[Stored items]
————————

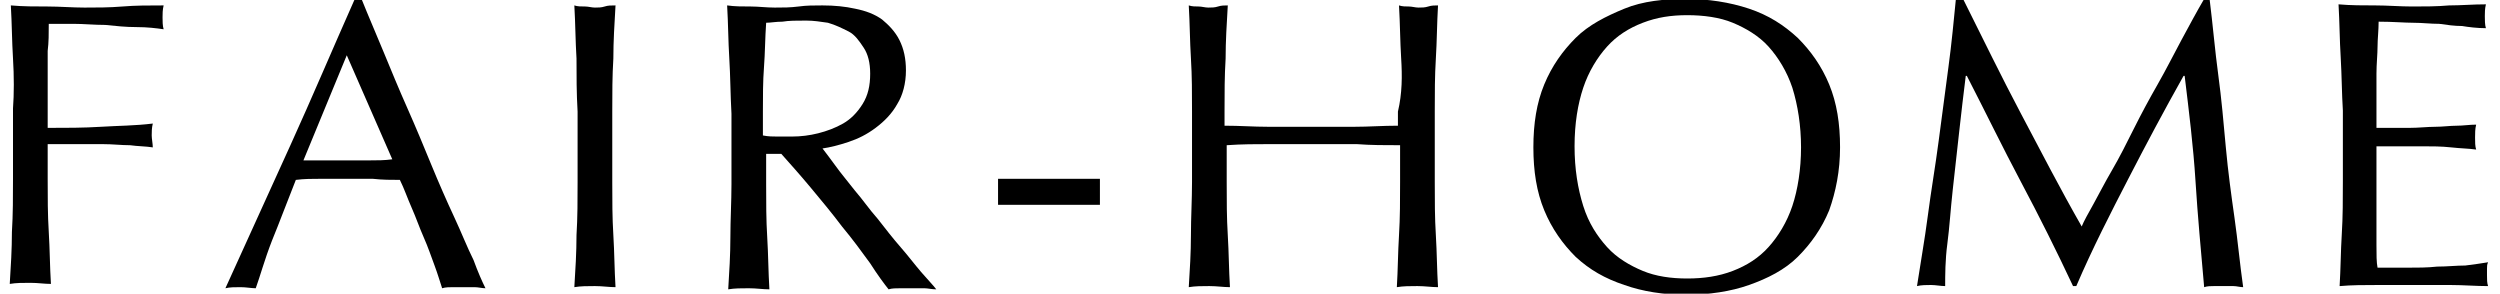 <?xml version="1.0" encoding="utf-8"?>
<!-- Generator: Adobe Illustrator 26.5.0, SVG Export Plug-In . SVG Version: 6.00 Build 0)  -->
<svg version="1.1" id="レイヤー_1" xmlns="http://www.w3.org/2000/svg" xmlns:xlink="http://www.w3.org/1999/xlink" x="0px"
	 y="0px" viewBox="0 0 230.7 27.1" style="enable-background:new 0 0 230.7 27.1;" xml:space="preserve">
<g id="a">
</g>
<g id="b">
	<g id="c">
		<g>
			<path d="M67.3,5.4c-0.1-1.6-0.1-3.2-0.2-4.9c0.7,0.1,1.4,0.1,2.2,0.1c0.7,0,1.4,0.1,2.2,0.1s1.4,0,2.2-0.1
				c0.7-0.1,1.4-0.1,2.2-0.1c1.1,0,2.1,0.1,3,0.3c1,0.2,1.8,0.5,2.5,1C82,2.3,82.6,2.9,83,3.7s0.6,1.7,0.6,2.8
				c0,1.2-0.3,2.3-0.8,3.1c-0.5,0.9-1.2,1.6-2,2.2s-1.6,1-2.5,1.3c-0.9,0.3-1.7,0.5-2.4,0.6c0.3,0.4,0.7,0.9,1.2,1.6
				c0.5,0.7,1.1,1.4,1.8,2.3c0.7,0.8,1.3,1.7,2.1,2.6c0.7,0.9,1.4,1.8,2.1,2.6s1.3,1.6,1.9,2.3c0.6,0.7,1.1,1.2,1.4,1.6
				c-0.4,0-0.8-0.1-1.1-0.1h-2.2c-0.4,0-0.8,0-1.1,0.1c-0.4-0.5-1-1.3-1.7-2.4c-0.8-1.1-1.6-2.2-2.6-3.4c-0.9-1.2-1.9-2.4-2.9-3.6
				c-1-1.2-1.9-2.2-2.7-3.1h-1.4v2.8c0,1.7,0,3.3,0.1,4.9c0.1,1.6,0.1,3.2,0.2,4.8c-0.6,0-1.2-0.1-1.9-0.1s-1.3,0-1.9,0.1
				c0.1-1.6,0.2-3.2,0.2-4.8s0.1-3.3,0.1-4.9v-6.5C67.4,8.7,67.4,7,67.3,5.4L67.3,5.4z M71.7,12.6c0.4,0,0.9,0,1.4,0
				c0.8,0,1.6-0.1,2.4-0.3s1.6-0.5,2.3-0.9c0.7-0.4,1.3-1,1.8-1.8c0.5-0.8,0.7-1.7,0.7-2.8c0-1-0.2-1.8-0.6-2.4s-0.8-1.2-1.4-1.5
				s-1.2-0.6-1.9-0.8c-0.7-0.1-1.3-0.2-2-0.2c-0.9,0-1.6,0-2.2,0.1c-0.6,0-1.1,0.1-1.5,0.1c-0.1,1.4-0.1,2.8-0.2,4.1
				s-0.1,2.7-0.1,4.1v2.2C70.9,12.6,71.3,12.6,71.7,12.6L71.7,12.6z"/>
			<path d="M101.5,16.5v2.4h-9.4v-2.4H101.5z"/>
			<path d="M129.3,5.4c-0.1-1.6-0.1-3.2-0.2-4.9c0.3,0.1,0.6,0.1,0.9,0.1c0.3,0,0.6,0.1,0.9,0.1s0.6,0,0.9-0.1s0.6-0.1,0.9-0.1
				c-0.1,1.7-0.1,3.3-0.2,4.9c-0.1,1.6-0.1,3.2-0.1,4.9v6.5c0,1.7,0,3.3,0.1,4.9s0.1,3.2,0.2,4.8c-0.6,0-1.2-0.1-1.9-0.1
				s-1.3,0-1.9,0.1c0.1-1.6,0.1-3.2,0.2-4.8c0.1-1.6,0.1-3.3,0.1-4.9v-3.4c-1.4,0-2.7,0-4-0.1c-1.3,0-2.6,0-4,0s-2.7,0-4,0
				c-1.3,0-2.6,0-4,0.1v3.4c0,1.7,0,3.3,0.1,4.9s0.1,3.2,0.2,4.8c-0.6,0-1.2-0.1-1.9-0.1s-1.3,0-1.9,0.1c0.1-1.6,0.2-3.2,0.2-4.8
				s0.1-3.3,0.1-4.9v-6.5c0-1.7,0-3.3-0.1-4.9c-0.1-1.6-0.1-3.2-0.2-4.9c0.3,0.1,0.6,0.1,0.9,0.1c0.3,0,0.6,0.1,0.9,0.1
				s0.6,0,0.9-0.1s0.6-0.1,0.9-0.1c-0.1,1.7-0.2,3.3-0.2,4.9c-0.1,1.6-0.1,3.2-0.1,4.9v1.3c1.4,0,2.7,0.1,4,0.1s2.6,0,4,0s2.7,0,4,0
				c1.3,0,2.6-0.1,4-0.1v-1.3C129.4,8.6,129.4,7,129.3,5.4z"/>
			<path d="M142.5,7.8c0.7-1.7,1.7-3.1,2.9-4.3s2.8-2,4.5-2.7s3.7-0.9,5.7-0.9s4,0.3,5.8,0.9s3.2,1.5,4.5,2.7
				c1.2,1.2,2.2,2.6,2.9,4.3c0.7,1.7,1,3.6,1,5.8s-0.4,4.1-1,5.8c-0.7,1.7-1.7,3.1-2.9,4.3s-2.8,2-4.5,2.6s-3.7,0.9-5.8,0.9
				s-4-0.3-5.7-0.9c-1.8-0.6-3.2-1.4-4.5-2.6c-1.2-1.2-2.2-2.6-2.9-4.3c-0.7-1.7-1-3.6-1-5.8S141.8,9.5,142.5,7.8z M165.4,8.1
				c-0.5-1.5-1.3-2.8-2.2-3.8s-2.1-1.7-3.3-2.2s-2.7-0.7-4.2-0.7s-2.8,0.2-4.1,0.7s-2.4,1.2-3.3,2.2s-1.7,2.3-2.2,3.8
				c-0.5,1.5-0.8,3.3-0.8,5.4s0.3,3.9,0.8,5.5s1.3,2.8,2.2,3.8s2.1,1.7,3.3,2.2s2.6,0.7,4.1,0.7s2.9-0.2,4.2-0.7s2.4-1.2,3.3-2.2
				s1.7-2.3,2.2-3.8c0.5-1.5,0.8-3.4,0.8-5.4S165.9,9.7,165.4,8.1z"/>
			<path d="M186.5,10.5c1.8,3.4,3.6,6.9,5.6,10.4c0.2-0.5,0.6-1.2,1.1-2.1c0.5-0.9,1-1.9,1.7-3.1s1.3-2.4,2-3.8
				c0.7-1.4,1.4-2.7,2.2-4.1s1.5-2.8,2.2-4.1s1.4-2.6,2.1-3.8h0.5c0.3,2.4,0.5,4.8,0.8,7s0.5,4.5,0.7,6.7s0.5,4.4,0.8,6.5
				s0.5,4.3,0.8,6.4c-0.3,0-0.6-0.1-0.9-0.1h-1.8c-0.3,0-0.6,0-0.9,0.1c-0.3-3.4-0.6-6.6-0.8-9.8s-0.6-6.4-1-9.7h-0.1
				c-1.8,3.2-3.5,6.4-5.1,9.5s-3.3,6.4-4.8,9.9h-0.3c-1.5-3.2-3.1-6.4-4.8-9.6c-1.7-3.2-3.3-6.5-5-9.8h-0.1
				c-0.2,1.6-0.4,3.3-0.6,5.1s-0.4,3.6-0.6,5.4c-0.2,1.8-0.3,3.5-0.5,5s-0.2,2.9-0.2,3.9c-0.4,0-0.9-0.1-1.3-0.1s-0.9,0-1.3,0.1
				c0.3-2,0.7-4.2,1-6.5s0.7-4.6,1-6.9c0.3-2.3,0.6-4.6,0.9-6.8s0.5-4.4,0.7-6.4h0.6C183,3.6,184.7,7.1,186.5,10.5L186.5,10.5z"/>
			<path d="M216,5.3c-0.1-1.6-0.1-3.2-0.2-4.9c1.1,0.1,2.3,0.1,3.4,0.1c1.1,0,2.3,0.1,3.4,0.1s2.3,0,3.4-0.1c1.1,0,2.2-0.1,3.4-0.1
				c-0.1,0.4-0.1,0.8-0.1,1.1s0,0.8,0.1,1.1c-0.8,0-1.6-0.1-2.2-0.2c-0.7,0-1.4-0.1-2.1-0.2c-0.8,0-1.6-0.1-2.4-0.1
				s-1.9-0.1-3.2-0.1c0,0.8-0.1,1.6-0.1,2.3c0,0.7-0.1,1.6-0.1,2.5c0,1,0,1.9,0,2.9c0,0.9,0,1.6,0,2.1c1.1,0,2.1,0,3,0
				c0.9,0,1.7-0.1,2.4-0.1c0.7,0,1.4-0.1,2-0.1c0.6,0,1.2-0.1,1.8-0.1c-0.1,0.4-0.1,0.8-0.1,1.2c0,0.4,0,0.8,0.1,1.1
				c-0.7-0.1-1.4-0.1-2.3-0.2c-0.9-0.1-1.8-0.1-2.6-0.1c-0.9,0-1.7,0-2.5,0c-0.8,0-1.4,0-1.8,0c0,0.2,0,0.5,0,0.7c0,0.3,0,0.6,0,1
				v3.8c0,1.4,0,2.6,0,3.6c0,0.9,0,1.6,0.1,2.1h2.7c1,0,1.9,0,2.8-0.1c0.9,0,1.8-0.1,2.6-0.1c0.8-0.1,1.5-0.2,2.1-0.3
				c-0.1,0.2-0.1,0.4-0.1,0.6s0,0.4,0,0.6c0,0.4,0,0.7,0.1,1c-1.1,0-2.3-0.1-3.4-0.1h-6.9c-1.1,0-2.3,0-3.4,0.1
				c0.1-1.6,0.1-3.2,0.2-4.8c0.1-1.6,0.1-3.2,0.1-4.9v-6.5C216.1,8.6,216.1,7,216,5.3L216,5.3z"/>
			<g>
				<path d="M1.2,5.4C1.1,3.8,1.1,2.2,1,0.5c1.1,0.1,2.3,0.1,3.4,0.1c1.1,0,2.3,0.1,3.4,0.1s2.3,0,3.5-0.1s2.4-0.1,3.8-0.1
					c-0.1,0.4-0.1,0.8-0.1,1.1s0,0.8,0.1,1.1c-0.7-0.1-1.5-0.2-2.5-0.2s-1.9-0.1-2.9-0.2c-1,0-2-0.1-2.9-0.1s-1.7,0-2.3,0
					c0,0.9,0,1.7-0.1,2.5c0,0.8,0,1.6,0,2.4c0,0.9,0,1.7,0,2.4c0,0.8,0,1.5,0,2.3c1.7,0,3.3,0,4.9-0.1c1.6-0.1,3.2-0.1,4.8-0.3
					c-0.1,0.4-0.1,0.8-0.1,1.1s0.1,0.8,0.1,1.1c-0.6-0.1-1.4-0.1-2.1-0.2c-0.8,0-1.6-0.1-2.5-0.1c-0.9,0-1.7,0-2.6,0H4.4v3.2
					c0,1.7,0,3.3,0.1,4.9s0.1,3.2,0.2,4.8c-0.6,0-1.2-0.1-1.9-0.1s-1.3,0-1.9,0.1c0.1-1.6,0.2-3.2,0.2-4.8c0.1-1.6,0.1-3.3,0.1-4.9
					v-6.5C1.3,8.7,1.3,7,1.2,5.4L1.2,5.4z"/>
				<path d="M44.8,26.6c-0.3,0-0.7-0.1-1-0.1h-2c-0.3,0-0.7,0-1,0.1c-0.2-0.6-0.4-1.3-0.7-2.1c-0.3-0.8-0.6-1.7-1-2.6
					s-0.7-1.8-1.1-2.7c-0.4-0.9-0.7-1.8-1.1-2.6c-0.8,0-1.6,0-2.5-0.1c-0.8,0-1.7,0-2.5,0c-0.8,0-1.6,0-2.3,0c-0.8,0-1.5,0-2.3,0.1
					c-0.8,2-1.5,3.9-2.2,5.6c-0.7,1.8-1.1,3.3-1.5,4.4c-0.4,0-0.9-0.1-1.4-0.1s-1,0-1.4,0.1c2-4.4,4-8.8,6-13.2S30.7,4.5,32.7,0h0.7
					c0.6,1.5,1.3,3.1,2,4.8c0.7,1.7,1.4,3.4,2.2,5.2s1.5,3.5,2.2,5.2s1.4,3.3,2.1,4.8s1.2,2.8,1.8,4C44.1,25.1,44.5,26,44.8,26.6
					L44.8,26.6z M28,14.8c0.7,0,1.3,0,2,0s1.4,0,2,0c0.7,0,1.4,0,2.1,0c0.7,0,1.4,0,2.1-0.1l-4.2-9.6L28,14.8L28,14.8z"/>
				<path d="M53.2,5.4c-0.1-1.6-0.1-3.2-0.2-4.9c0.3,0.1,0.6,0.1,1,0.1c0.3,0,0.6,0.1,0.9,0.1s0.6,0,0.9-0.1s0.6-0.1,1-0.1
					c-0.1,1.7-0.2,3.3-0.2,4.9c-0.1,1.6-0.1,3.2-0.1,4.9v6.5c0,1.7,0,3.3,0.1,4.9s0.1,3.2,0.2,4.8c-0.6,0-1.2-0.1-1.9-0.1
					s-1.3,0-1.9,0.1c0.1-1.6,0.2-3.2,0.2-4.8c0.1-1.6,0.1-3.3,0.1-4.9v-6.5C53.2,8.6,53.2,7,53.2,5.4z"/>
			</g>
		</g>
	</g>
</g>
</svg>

————————

### ASSIGNMENT
Write only the number of lines above in which the word "path" is found.

### EXPECTED ANSWER
9